Pohle: Patientenwohl vor Ökonomie!

Die von der Krankenhausstruktur-Studie der Bertelsmann-Stiftung getätigte Aussage, dass bis zu 600 Kliniken für die Gesundheitsversorgung entbehrlich seien, stößt beim Vorsitzenden des Hartmannbund-Landesverbandes Brandenburg Dr. Hanjo Pohle auf Unverständnis.

„Diese Aussage ist ein Affront gegenüber den Ärztinnen und Ärzten in den Krankenhäusern der Grund- und Regelversorgung, die tagtäglich mit hohem Einsatz und hoher Qualität Patienten behandeln“, sagte der Rathenower Allgemeinmediziner. Es sei zudem beschämend, dass Patienten den Eindruck gewönnen, ihr Krankenhaus sei überflüssig und sie könnten dort eigentlich gar nicht richtig versorgt werden“.

„Gerade der demographische Wandel erfordert weiter Krankenhäuser vor Ort, die wohnortnah, familien- und besuchsfreundlich die häufig altersbedingten Erkrankungen und ihre Folgen in hoher Qualität behandeln können“, so Pohle.

Diese Studie sei symptomatisch für die bei vielen Akteuren im Gesundheitswesen vorherrschende rein ökonomische Sichtweise. „Den Krankenhäusern in ihrer Anzahl und Vielfalt ist es zu verdanken, dass es vergleichsweise kurze Wartezeiten auf Operationen und Behandlungen gibt“, sagte Pohle.
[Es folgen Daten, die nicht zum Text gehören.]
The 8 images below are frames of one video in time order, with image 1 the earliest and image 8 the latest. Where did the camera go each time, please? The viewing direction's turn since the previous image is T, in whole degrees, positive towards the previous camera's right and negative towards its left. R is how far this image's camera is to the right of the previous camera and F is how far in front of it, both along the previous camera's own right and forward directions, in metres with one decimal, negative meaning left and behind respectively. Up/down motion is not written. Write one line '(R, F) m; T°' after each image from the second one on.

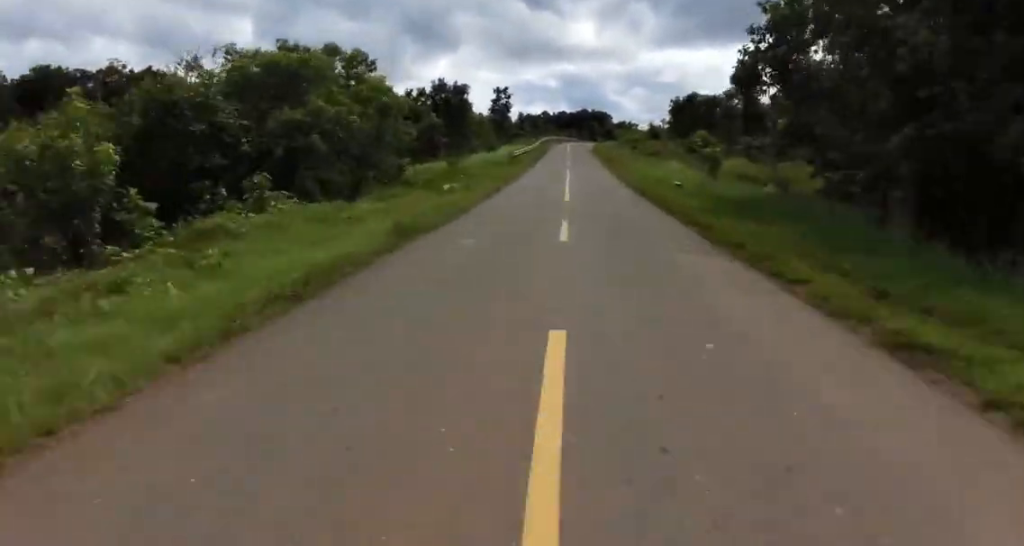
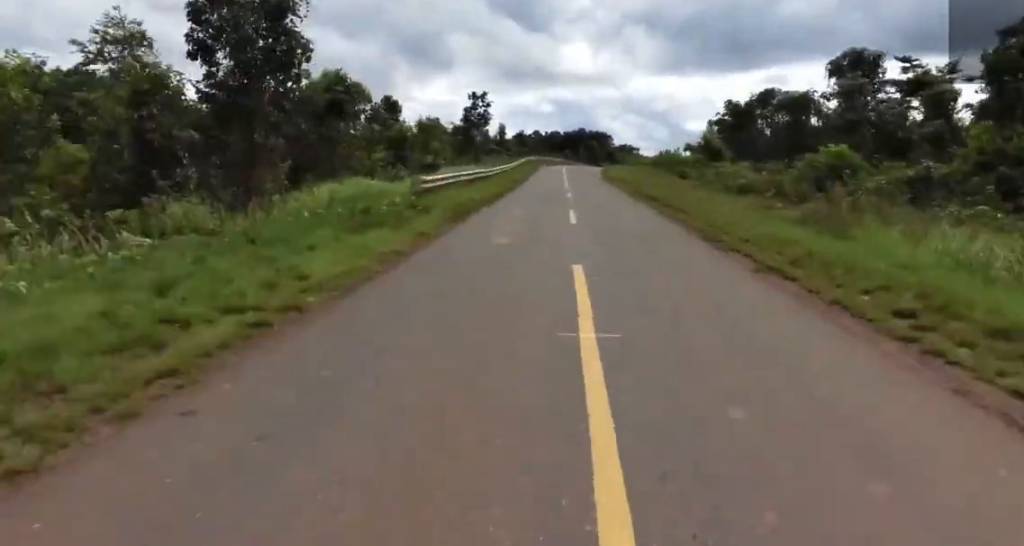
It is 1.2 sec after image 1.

Dies sei in Ländern mit erheblich geringerer Betten- und Krankenhausdichte nicht der Fall. „Mit dieser Forderung, bis zu 600 Krankenhäuser zu schließen, nähern wir uns dem europäischen Mittelmaß mit allen Problemen für unsere Patienten an – wie lange Wartezeiten, lange Fahrtstrecken und wohnortfremde Betreuung.“

Daseinsfürsorge sehe anders aus. „Man kann den verantwortlichen Politikern nur raten, die weichen Faktoren bei den Fragen zur Notwendigkeit des Erhalts von Krankenhäusern nicht zu vernachlässigen und die Diktatur der Ökonomie zu durchbrechen“. Eine ausreichende Finanzierung der seit Jahrzehnten unterfinanzierten Krankenhäuser sei endlich sicherzustellen. „Wer Krankenhäuser mit profitorientierten DAX-Konzernen verwechselt bzw. einen Umbau in diese Richtung anstrebt, trägt auch dazu bei, dass die Humanmedizin immer weniger human wird“, sagte Pohle. Bereits jetzt seien Tendenzen erkennbar, dass Patientenversorgung kybernetischer werde. Die voranschreitende Zentralisierung und Spezialisierung der Medizin leiste dieser Entwicklung zusätzlich Vorschub.

Kritisch äußerte sich Pohle darüber hinaus zum Studiendesign. So, wie die Studie angelegt sei, wären die gewünschten Ergebnisse vorprogrammiert. „Die Autoren wählten ein Studiendesign, bei dem einzelne sogenannte Qualitätskriterien ausgewählter Erkrankungen über die Sinnhaftigkeit von Krankenhäusern in der Fläche entscheiden. Sie vergessen und negieren dabei aber das Vorhandensein multifaktorieller Gesundungsprozesse, die eben nicht allein auf Spezialisierung zurückzuführen sind“, sagte Pohle abschließend.